In one hour I will leave to go to the doctor. I have been waiting for this appointment for over 3 weeks.
I will find out the results of the ultrasound performed on my throat and abdomen. I will hear the results of all my blood tests, and if I am lucky I will get the results of my echocardiogram too. I am not necessarily excited about all this, but very anxious to hear the news.
The past month has forced me to examine some harsh realities about my body, my life, and my past. When I realized that there was something definitely off in my body I just figured it was maybe a nutritional deficiency. Finally my body was screaming at me to go to the doctor, and I did.
I sat there as they ran countless tests on me and tried to remain calm and positive. I am faced with the reality that I may have an auto immune disorder affecting my thyroid and possibly my G.I. tract. I also have gall stones(that was a shock). I will also find out today if I need to have a biopsy done on the cysts they found on my thyroid. None of these conditions is life threatening if treated properly.
The doctor told me he strongly suspects I have the auto immune thyroid condition and that I need to get off gluten immediately. As the weeks have gone on I have also eliminated soy. I have a feeling that I am saying my good-byes to dairy too. Sure all of this is no big deal, not life threatening, but it is a change.

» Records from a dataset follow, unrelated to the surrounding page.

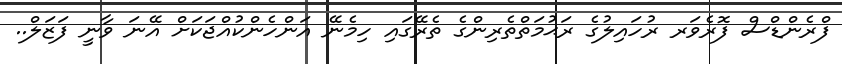
ފްރެންޑްސް ފޮރެވަރ ރުހައިލުގެ ރަޙުމަތްތެރިންގެ ތެރޭގައި ހިމެނޭ އަންހެންކުއްޖަކަށް އޭނަ ވާނީ ފަޒަލް..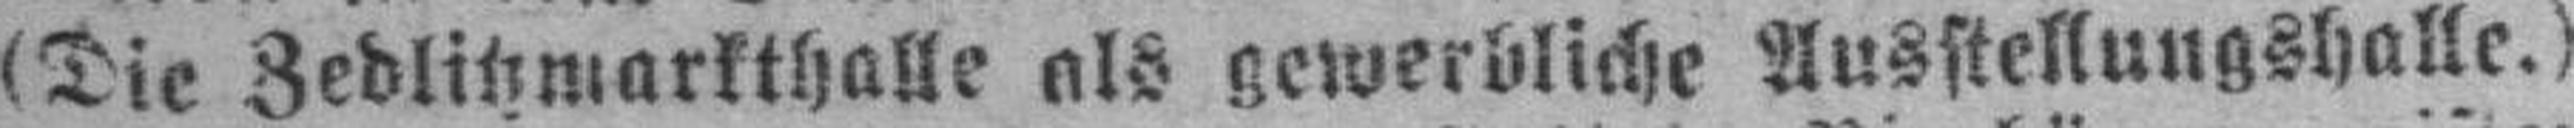
(Die Zedlitzmarkthalle als gewerbliche Ausstellungshalle.)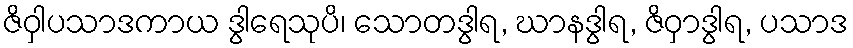
ဇိဝှါပသာဒကာယ ဒွါရေသုပိ၊ သောတဒွါရ, ဃာနဒွါရ, ဇိဝှာဒွါရ, ပသာဒ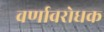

I am faced with the possibility that I created these health issues in my body. I am replaying all the years of neglect on my body and the damage that I may have done to my insides. When we are young we think we are invincible. For me I most definitely took that to the extreme. I am almost 7 months without a cigarette, but what about all the years I did smoke, where has that left me? Ugh, I don’t like thinking of all this. What about all the late nights and the poor food choices? What about all the years I didn’t drink enough water and starved myself for the promise of being skinny? What about all the years I have neglected my stomach issues, issues that clearly needed attention? Most on my mind is the many years of stress that my body has been under, what has that done to me?
I have been in fight or flight mode for at least the last 10 years. The last 6 months have been a much calmer time in my life, but is it too late to undo the damage? These are all the conversations that are swirling around in my head.
I am ready for an answer to what has been plaguing my health all these years, I am ready to start the healing process. I will do whatever it takes. I will eliminate whatever I have to in my diet. I will practice living a calm and meditative lifestyle. I will get adequate sleep and drink lots of water. I will do it all.
I feel like I am bartering with God now to help me undo the bad choices I made with my body. I am begging for a second chance to treat my body like the temple it is, and stay here on earth for a long time.
I realize that this is coming up for me because I am a mom, health issues scare me. The thought of not being around for my boys is terrifying. My mortality is becoming more and more real everyday that I inch closer to being 38 years old, the age my father was when he died. I am 34 years old now, the age my mother was when she became a widow with an 8-year-old and a 5-year-old daughter. My mortality is more real now than ever before.
I am asking for a do-over. A second chance to take tender loving care of my body and my soul. I am living my life as if that second chance has already been granted.